» **HOW TO COMPLETE THIS TASK**
Exclude the pictures and retype the entries as written.

Excerpts from a dataset

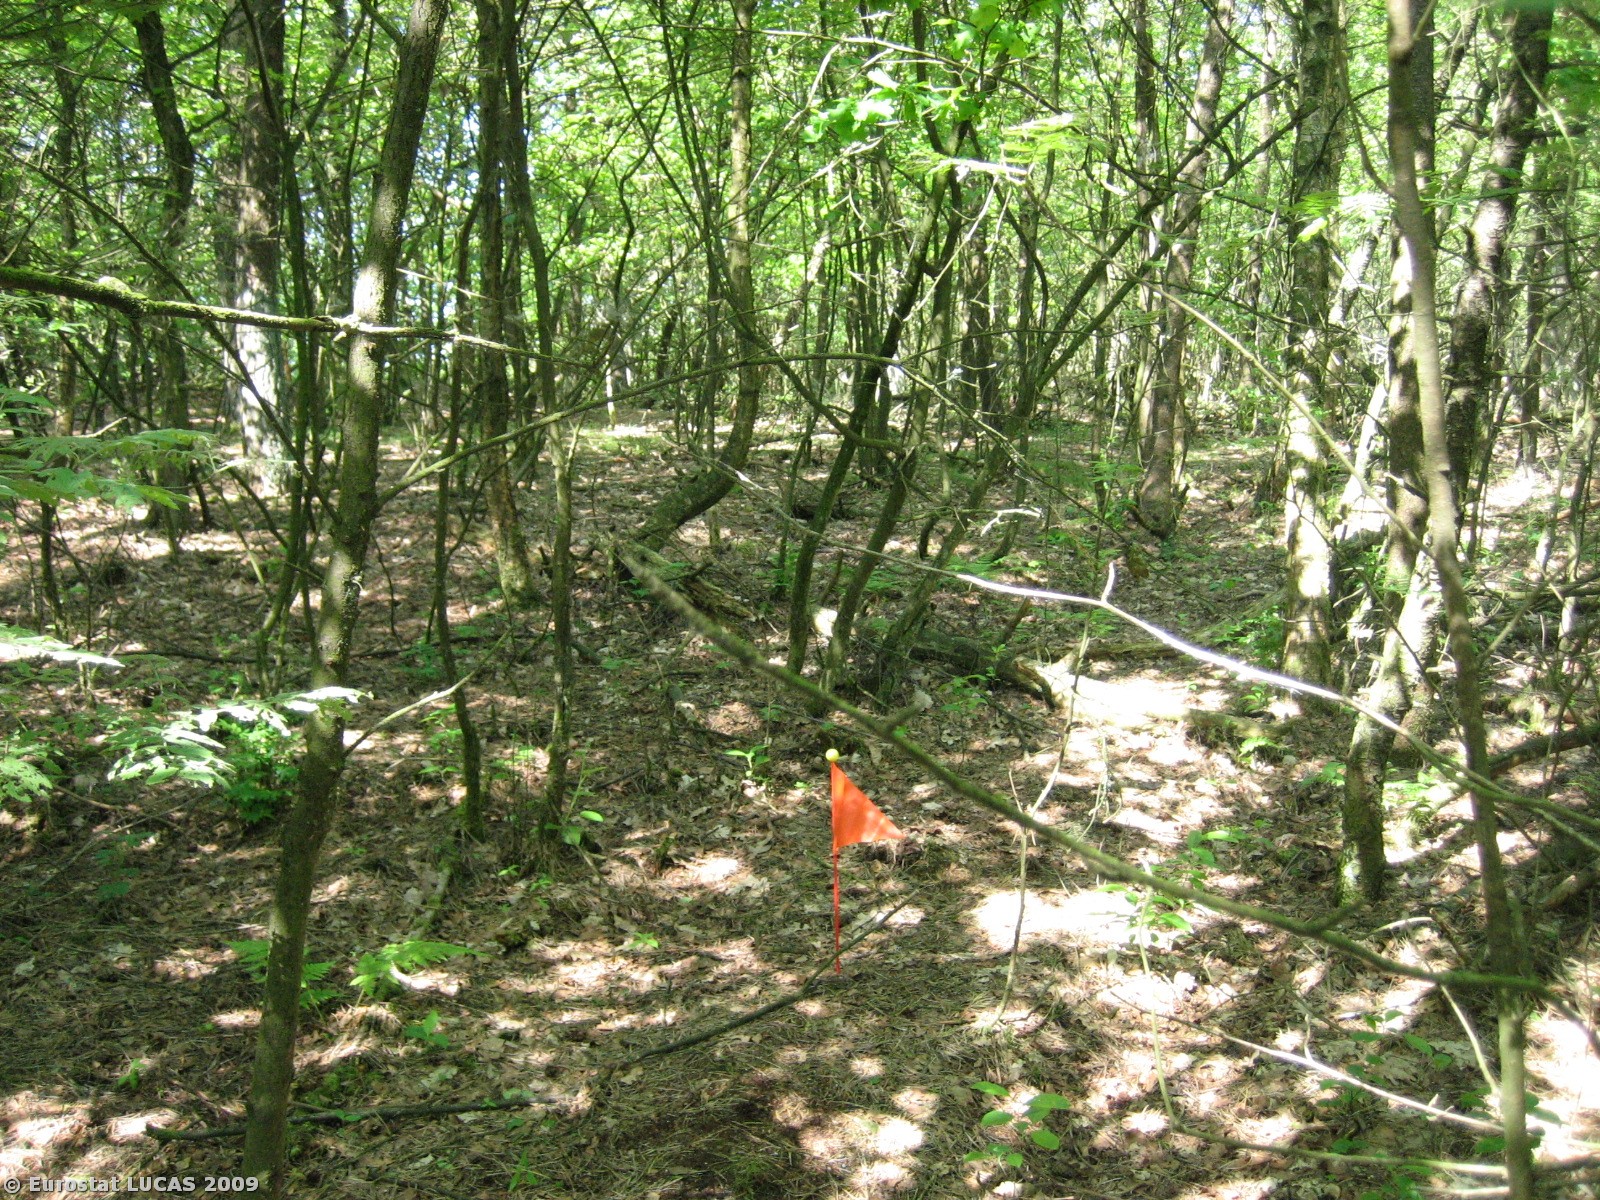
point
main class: Woodland
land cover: Mixed woodland
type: mesophytic deciduous forest
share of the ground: > 75 %
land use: Unused
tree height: > 5 m
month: May
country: DK
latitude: 55.9139
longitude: 8.9612
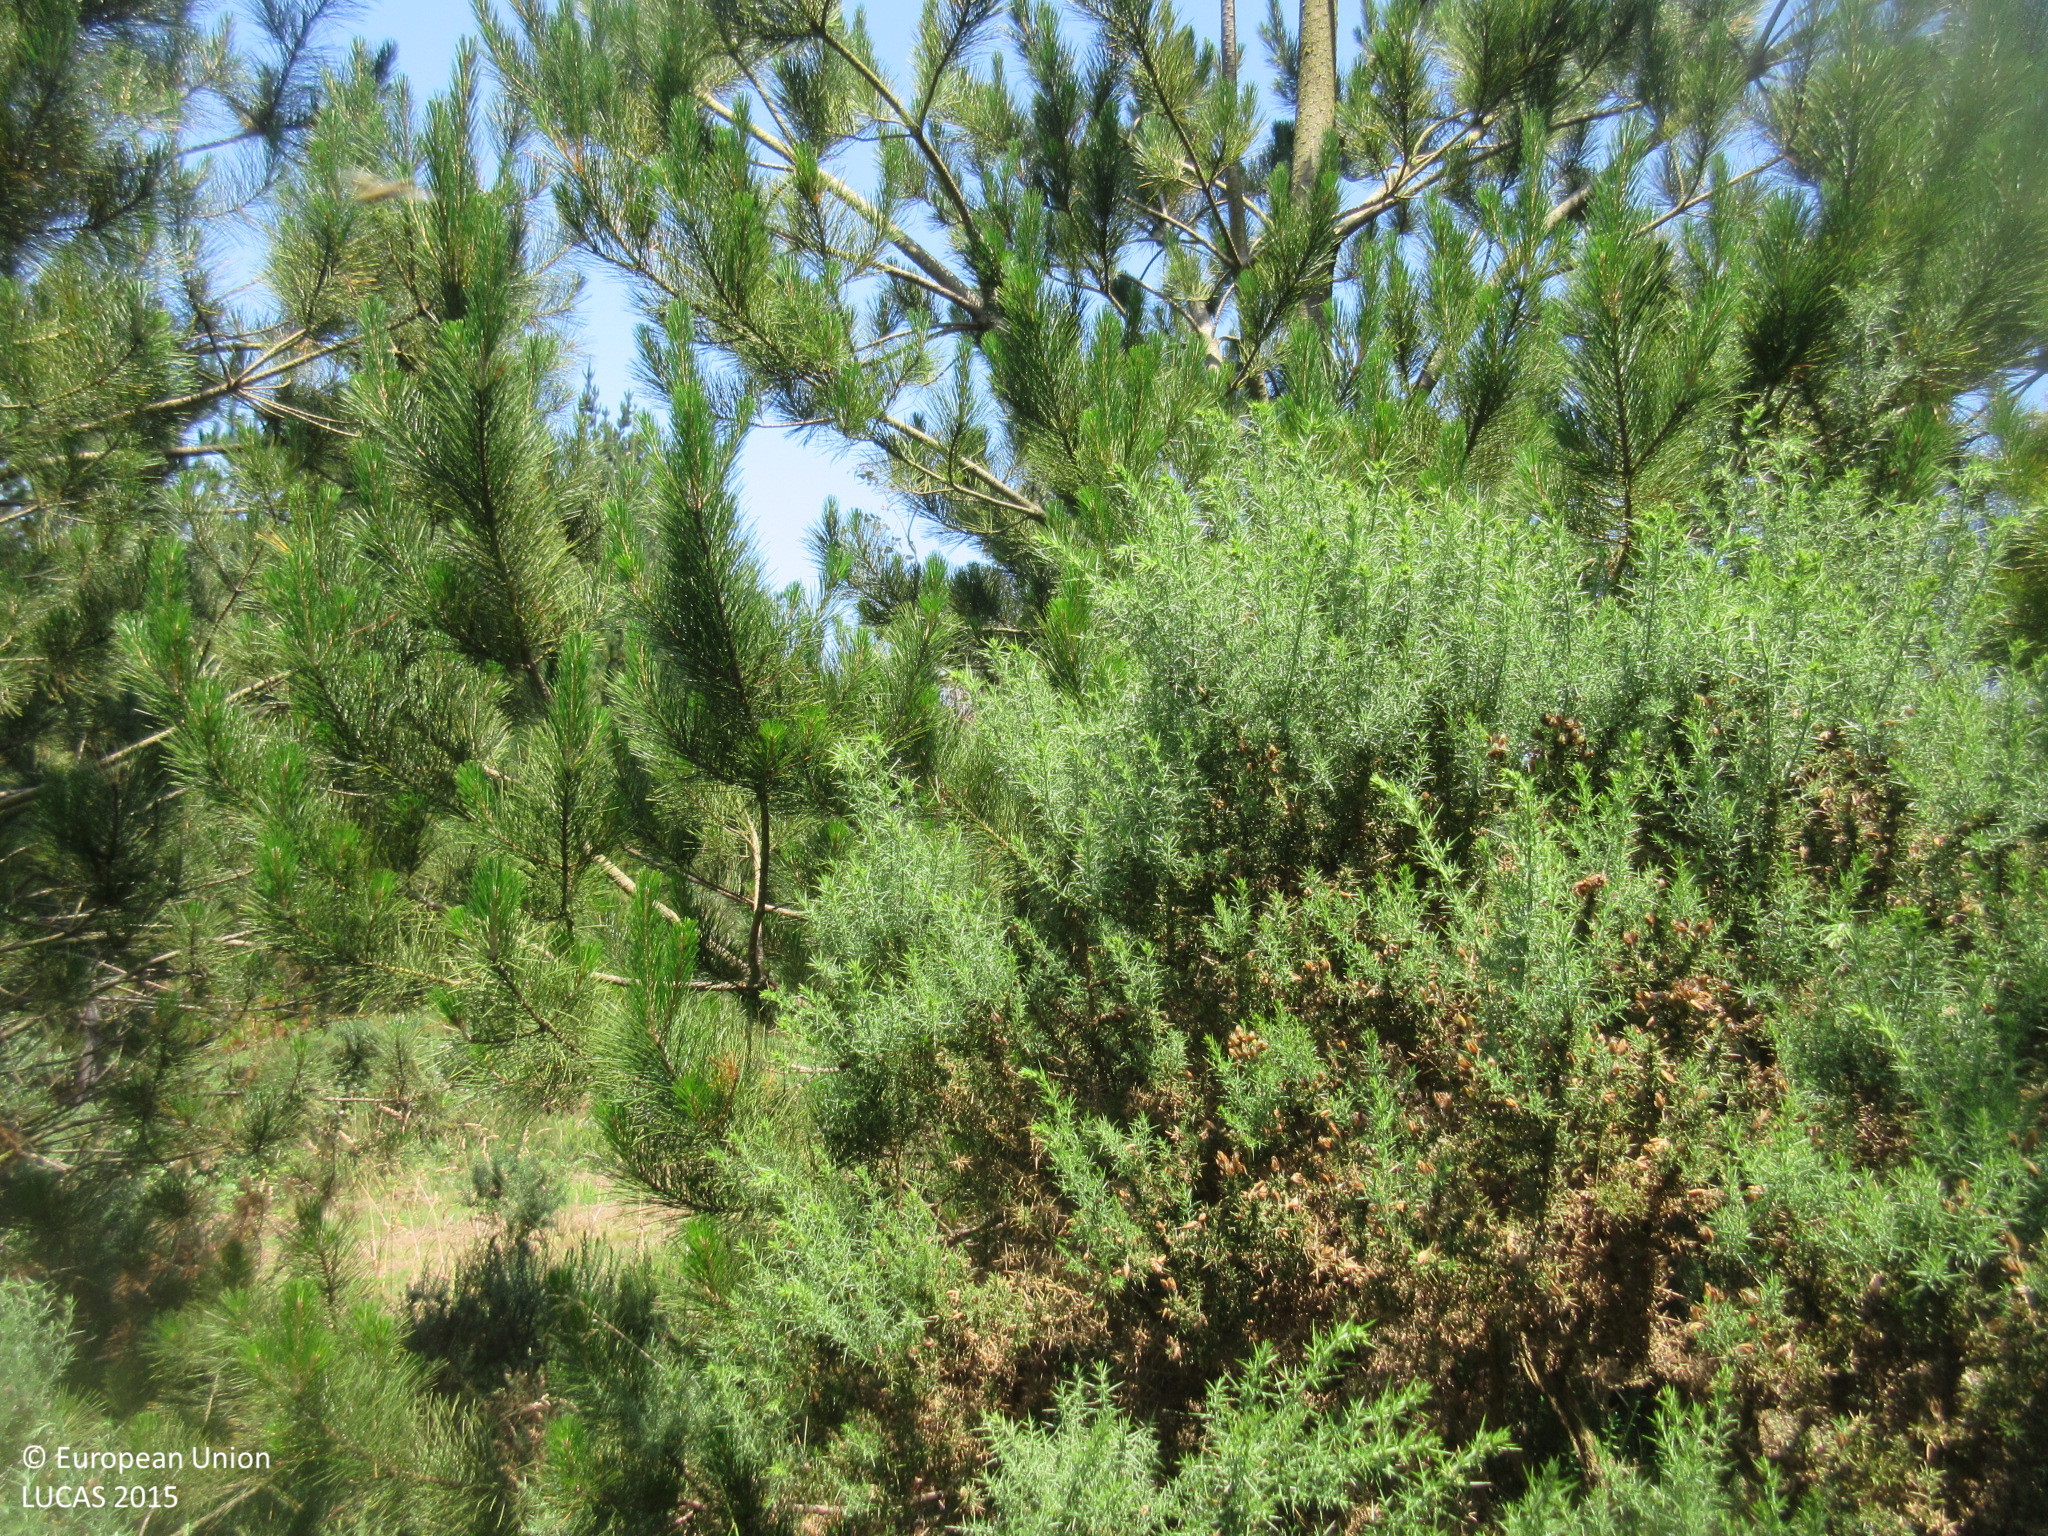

» **SOLVED EXERCISE**
point
main class: Woodland
land cover: Mixed woodland
type: mesophytic deciduous forest
share of the ground: > 75 %
land use: Unused
tree height: > 5 m
month: May
country: DK
latitude: 55.9139
longitude: 8.9612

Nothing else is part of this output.